Bu sistemde ittifakların da yapısı önemlidir. Sartori’nin sınıflandırmasına göre, Cumhur İttifakı’nda “tek hedefli-merkezcil”, Millet İttifakı’nda (HDP’yi de katarak) “kısmi kalıcı-çok kutuplu” kimlik hakimdir. Cumhur İttifakı’nda doğacak bir sorun, AK Parti ve MHP’nin, erime süreçlerini başlatır. Millet İttifakı ise kalıcı kimliğini oturtmadığı için her an bünyesindeki bir unsuru kaybedebilir ama bir başkasını kazanabilir. 

Bu nedenle, küçük partilerin rolü büyür. (Erdoğan’ın 10 Mayıs 2018 BBP Genel Merkezi ziyareti, SP lideri Karamollaoğlu’nun aynı dönemdeki çok geniş manevraları veya VP lideri Perinçek’in artan gücü tipik örnektir.)

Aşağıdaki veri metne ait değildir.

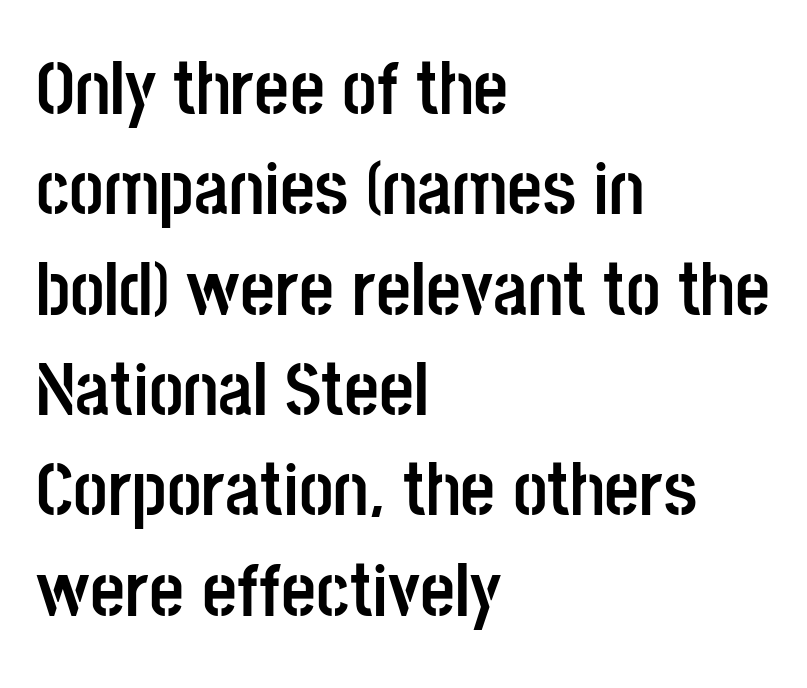
The image shows 76 px semibold, condensed sans-serif type, upright; set left-aligned, normal line spacing (1.32x), normal letter spacing, not underlined; low stroke contrast and a large x-height.
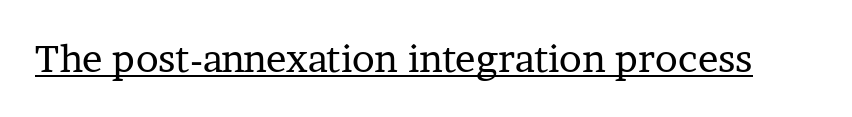
The passage shown is typed in a proportional face where columns would drift. Is the stroke heavy? The answer is a plain regular-or-lighter. A typesetter would call this zero additional tracking. If you drew a line through each stem, it would be perfectly vertical. Old-style or modern, the face here clearly has serifs. This is underlined copy, the kind a proofreader might mark for attention.
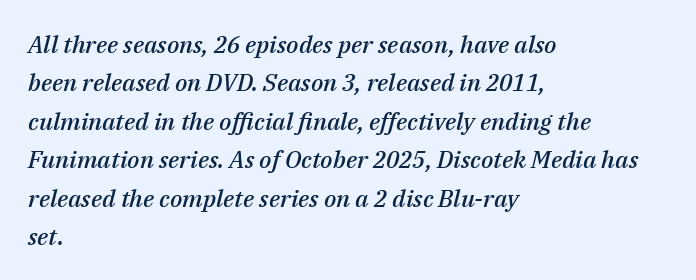
Notice how the passage keeps a crisp vertical edge on the left only. Characters follow at the spacing the type designer built in. Its strokes are somewhat broadened, the hallmark of semibold type. Plain, unruled lines of type. Quick note: interline space is typical. The rendering applies a slant to the glyphs.
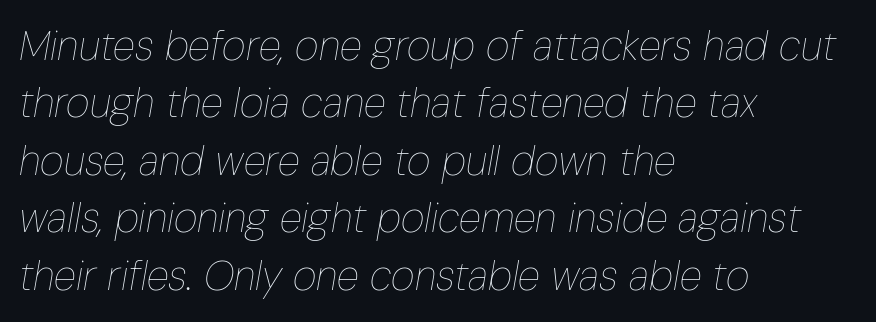
The image shows 41 px thin, condensed type, italic (leaning right); set left-aligned, normal line spacing (1.4x), normal letter spacing, not underlined; low stroke contrast and a medium x-height.
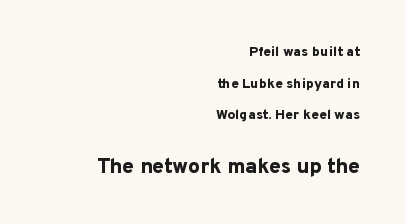
The image shows 21 px bold type, upright; set right-aligned, loose line spacing (2.26x), normal letter spacing, not underlined; the second (bottom) block is 1.5x larger.
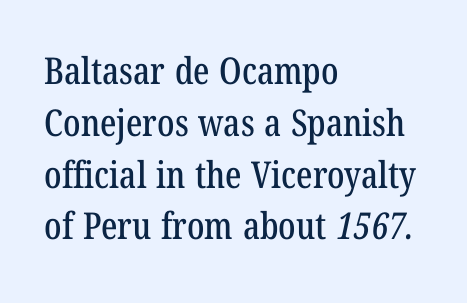
The image shows 37 px condensed serif type; set left-aligned, normal line spacing (1.4x), normal letter spacing, not underlined; low stroke contrast and a medium x-height.
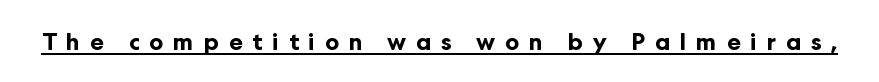
Q: Is the text bold? A: Yes.
Q: Is the text italic (slanted)? A: No, it is upright.
Q: Is the text underlined? A: Yes.
Q: Is the spacing between letters normal or unusually wide? A: Unusually wide.
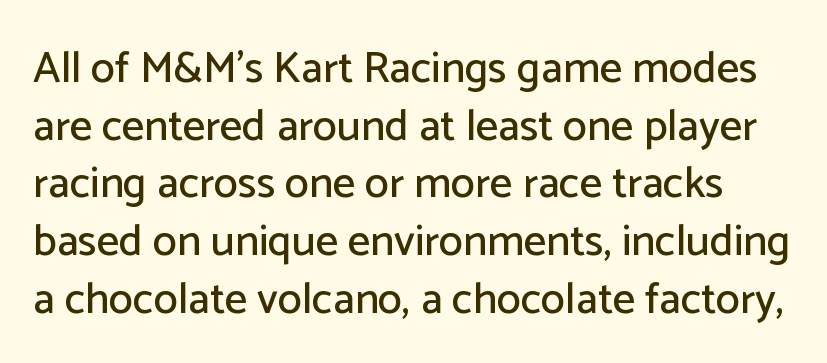
The image shows 44 px sans-serif type, upright; set normal line spacing (1.31x), normal letter spacing, not underlined; low stroke contrast and a medium x-height.
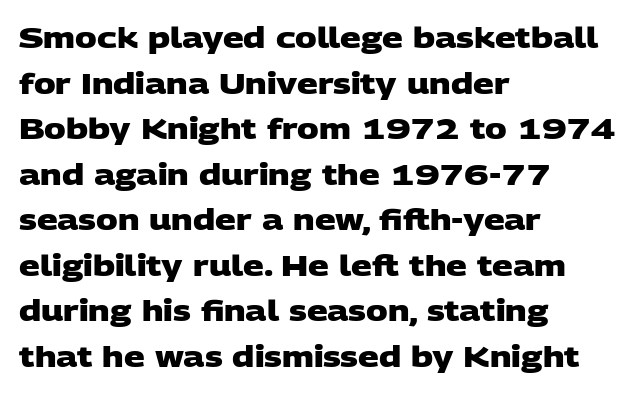
{"serif": "no", "bold": "yes", "weight": "heavy", "width": "wide", "stroke_contrast": "low", "x_height": "large", "monospaced": "no", "underline": "no", "align": "left", "line_spacing": "normal", "line_spacing_ratio": 1.57, "letter_spacing": "normal", "letter_spacing_em": 0.0, "glyph_px": 29}
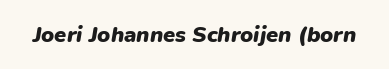
Is the type slanted? Yes — the strokes lean at a clear angle. The string is rendered with underlining switched off. Strokes here are thick enough to call this a true bold. This rendering leaves character spacing at its baseline value.
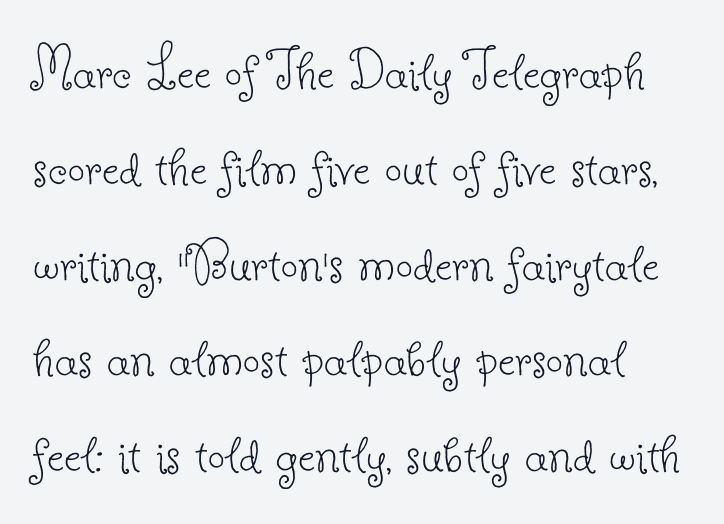
Proportional: the letters do not fall into vertical columns. Posture: straight, roman, zero tilt. The typeface has the unassuming heft of standard copy or less. The specimen omits any rule beneath the text block's lines.
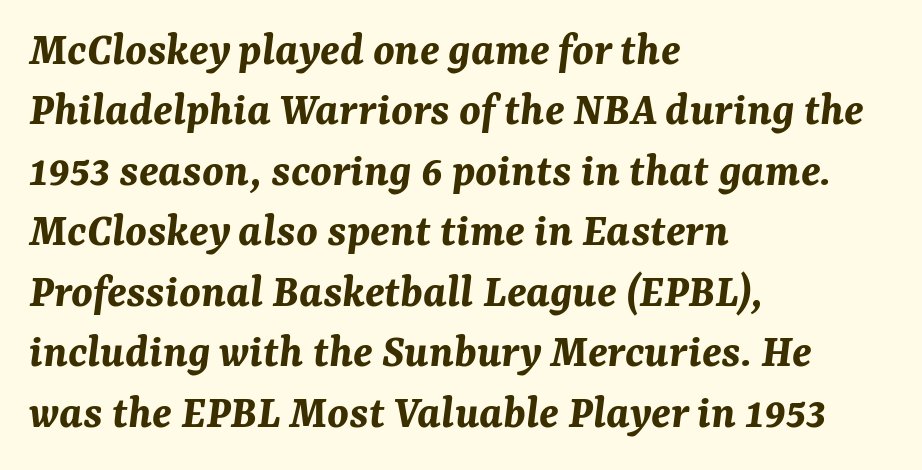
This sample keeps an unexceptional amount of space between lines. Italic? Definitely — the glyphs are oblique. Set as a true bold cut, around the 700 mark. Any mark beneath the type? The region is blank.
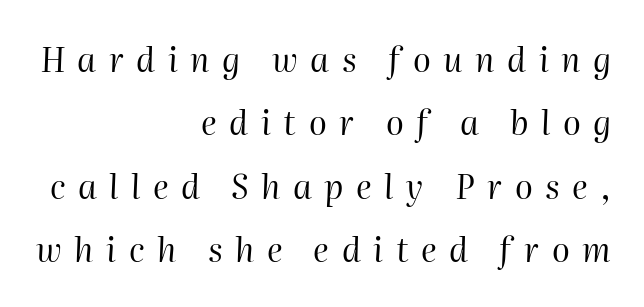
The image shows 33 px regular-weight type, italic (leaning right); set right-aligned, loose line spacing (1.92x), unusually wide letter spacing (+0.38 em), not underlined; high stroke contrast and a medium x-height.

Türkiye’de “alarm”, HDP’nin kimlik ve manevralarından kaynaklanıyor, CHP’nin basiretsizliği ile güçleniyor.

1- HDP’nin silahlı bir örgütün uzantısı olması, Avrupa demokrasisi açısından kabul edilebilir bir durum değildir. Medya/siyasetin bir kanadı bunu meşru görüyor. 

2- HDP pazarlıkla sistemdeki yerini almıyor, giderek sistemi belirliyor. Bu “azınlık diktatörlüğünü” getiriyor.(Silah korkusuyla oy veren seçmen neden kayyuma karşı çıkmadı?)

3- CHP, HDP’yi kontrol edemiyor, aksine, kendisi giderek HDP’lileşerek çoğulcu sistem açısından büyük kriz oluşturuyor. 

Uyarı: Sürekli “çoğunluk diktatoryasından” söz edenler, HDP-PKK zemininde “azınlığın tahakkümüne” girdiler, farkında değiller.

Sonuç: Demokrasi kendini savunur.

NOT: Bu yazının fikir örgüsünü tetikleyen Prof. Dr. Zakir Avşar’a teşekkür ederim.(A.Z.)